4. **Combine with JS Execution** if the site loads content dynamically. You can pass `js_code` or `wait_for` in `CrawlerRunConfig`.  
5. **Look at Logs** when `verbose=True`: if your selectors are off or your schema is malformed, it’ll often show warnings.  
6. **Use baseFields** if you need attributes from the container element (e.g., `href`, `data-id`), especially for the “parent” item.  
7. **Performance**: For large pages, make sure your selectors are as narrow as possible.

---

## 8. Conclusion

With **JsonCssExtractionStrategy** (or **JsonXPathExtractionStrategy**), you can build powerful, **LLM-free** pipelines that:

- Scrape any consistent site for structured data.  
- Support nested objects, repeating lists, or advanced transformations.  
- Scale to thousands of pages quickly and reliably.

**Next Steps**:

- Explore the [Advanced Usage of JSON Extraction](../../explanations/extraction-chunking.md) for deeper details on schema nesting, transformations, or hooking.  
- Combine your extracted JSON with advanced filtering or summarization in a second pass if needed.  
- For dynamic pages, combine strategies with `js_code` or infinite scroll hooking to ensure all content is loaded.
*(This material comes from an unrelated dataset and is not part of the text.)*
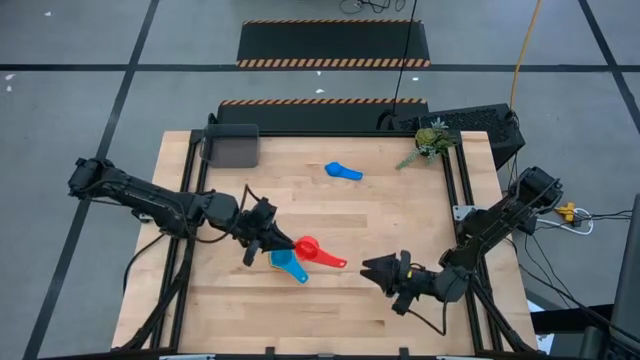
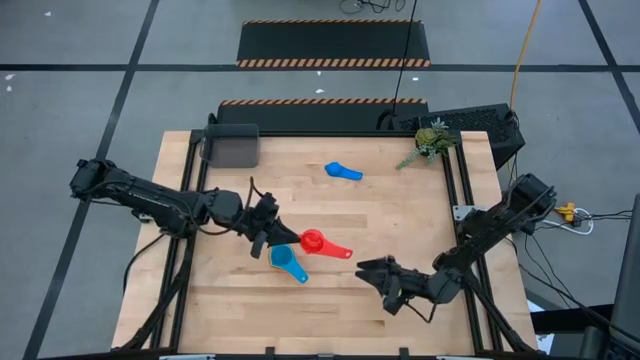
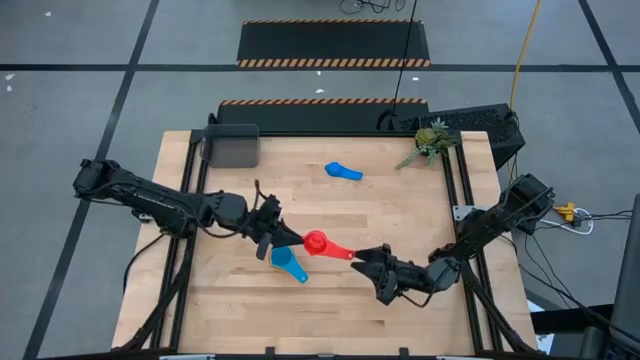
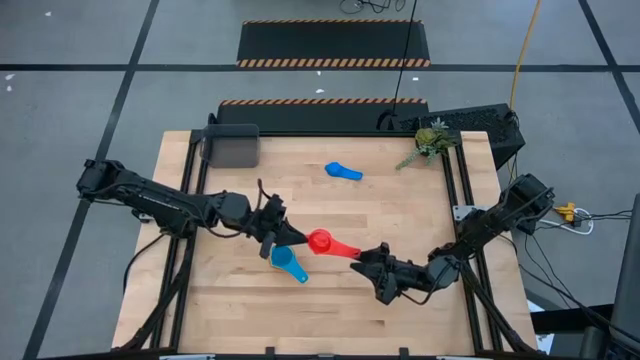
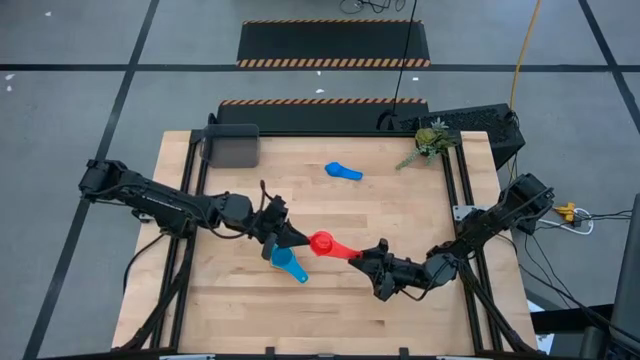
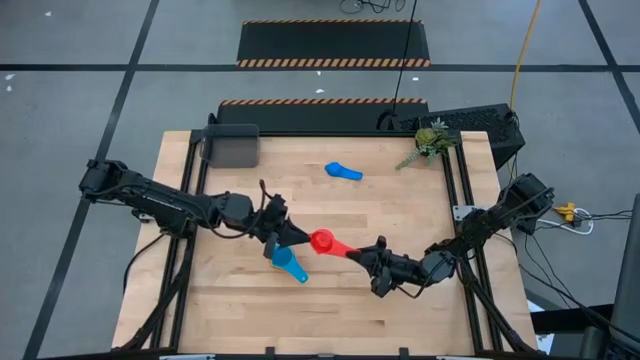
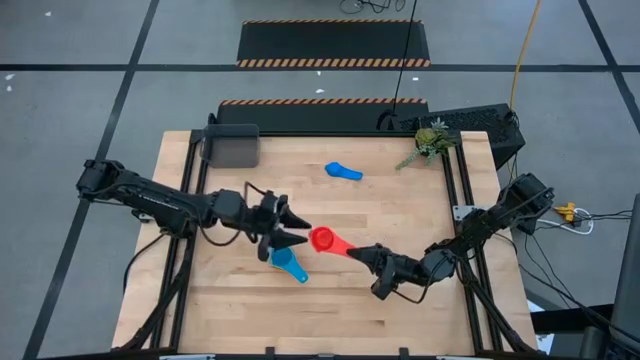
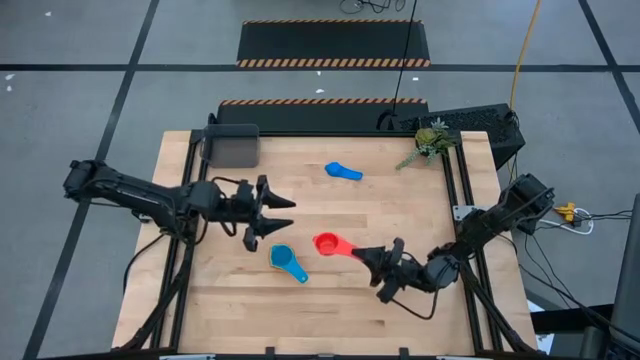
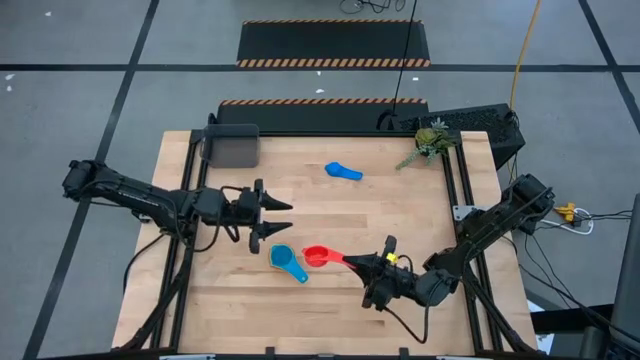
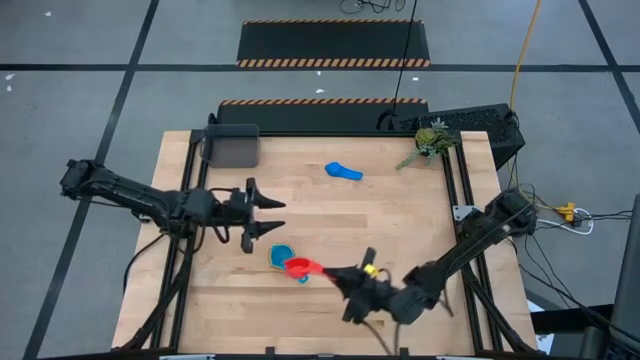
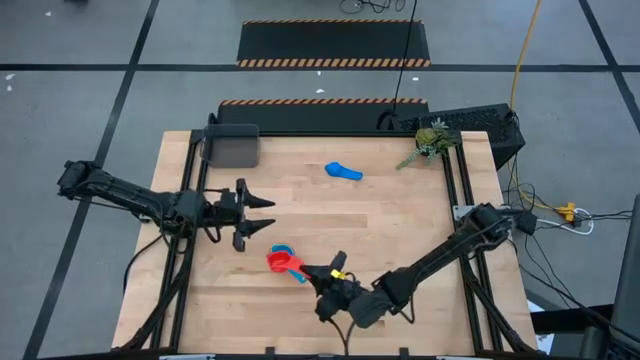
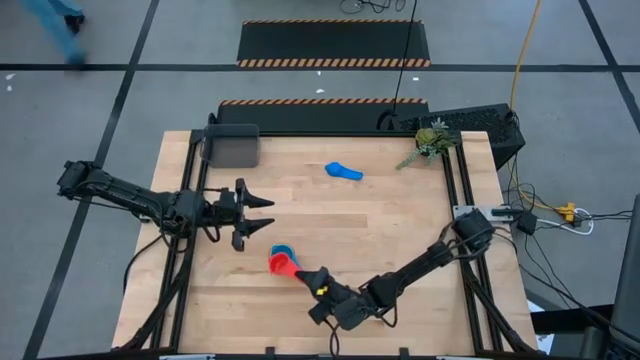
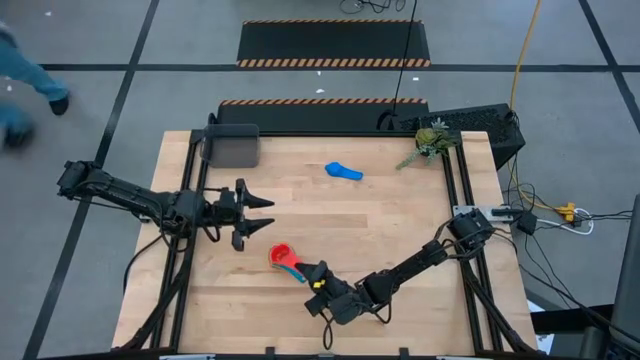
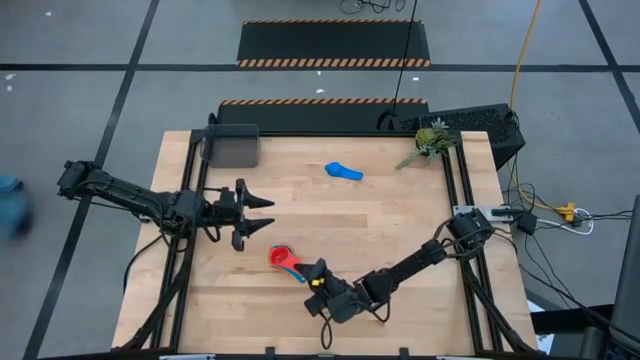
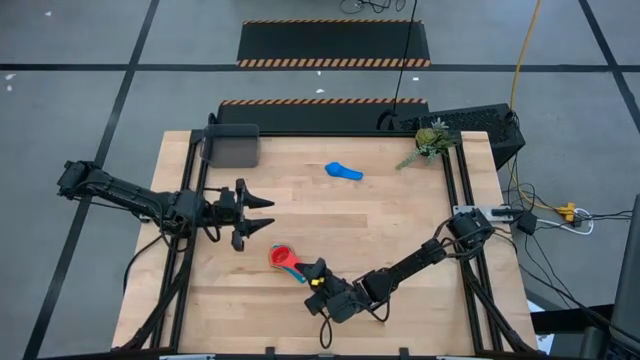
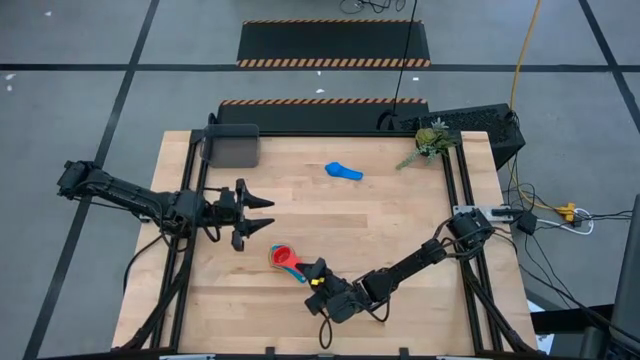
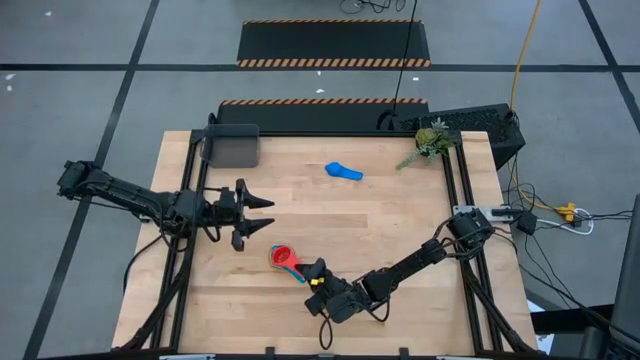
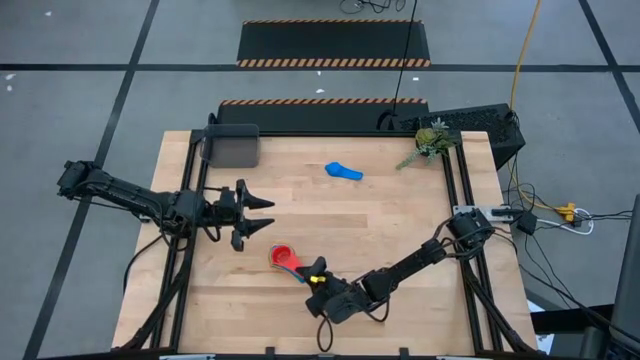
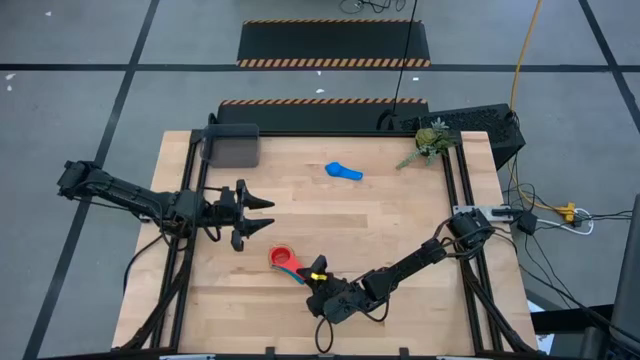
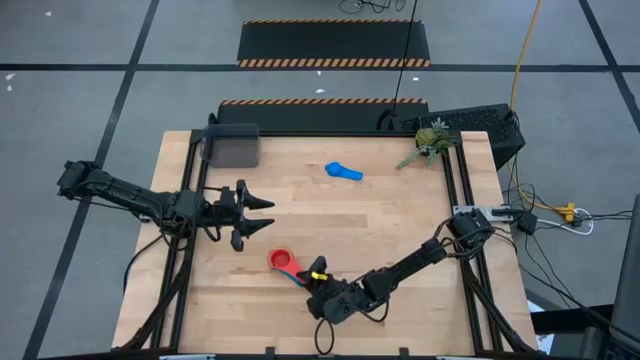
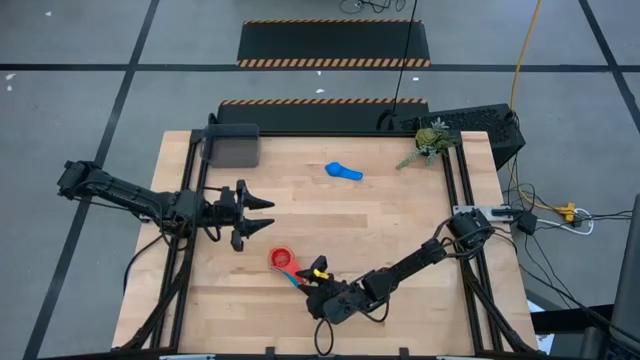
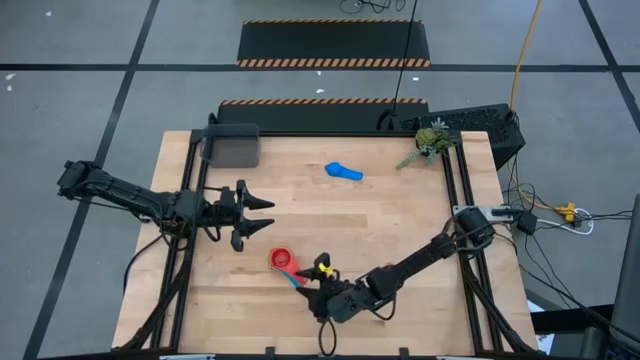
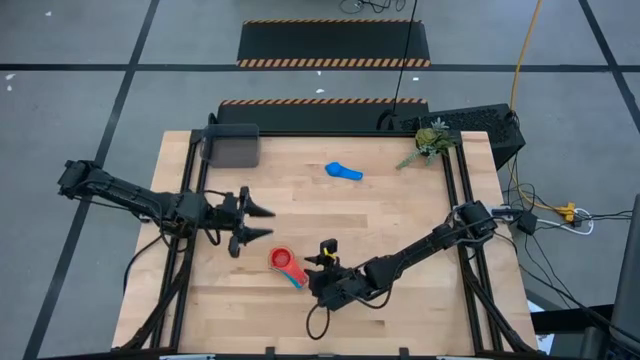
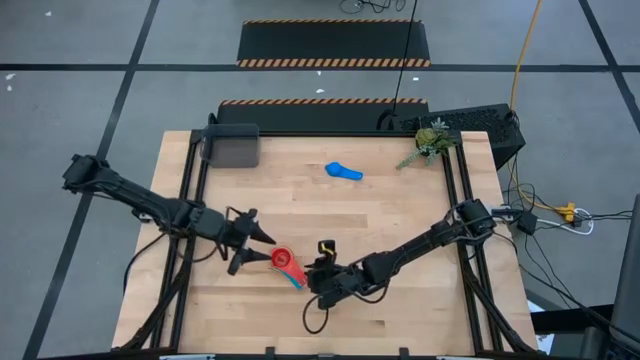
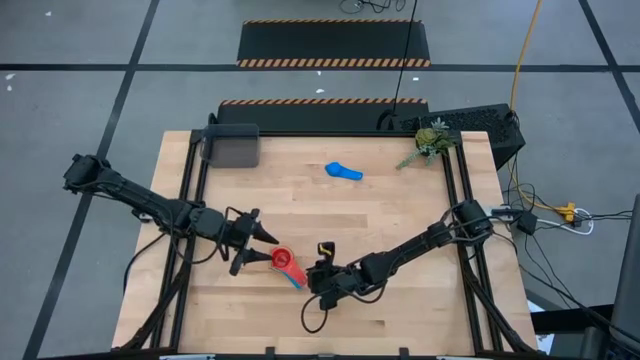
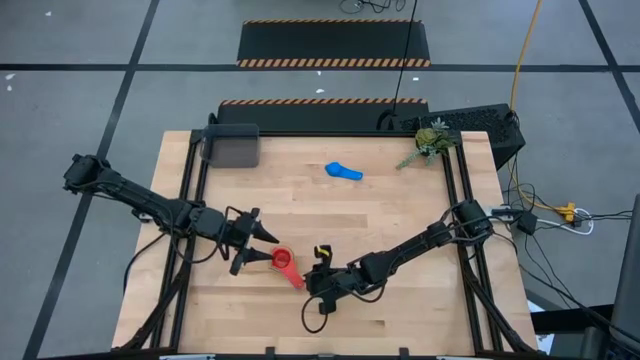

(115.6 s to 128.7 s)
Task: Nest measuring cups in basket
Stack the red measuring cup on top of the light blue measuring cup

**Remember**: For repeated, structured data, you don’t need to pay for or wait on an LLM. A well-crafted schema plus CSS or XPath gets you the data faster, cleaner, and cheaper—**the real power** of Crawl4AI.

**Last Updated**: 2024-XX-XX

---

That’s it for **Extracting JSON (No LLM)**! You’ve seen how schema-based approaches (either CSS or XPath) can handle everything from simple lists to deeply nested product catalogs—instantly, with minimal overhead. Enjoy building robust scrapers that produce consistent, structured JSON for your data pipelines!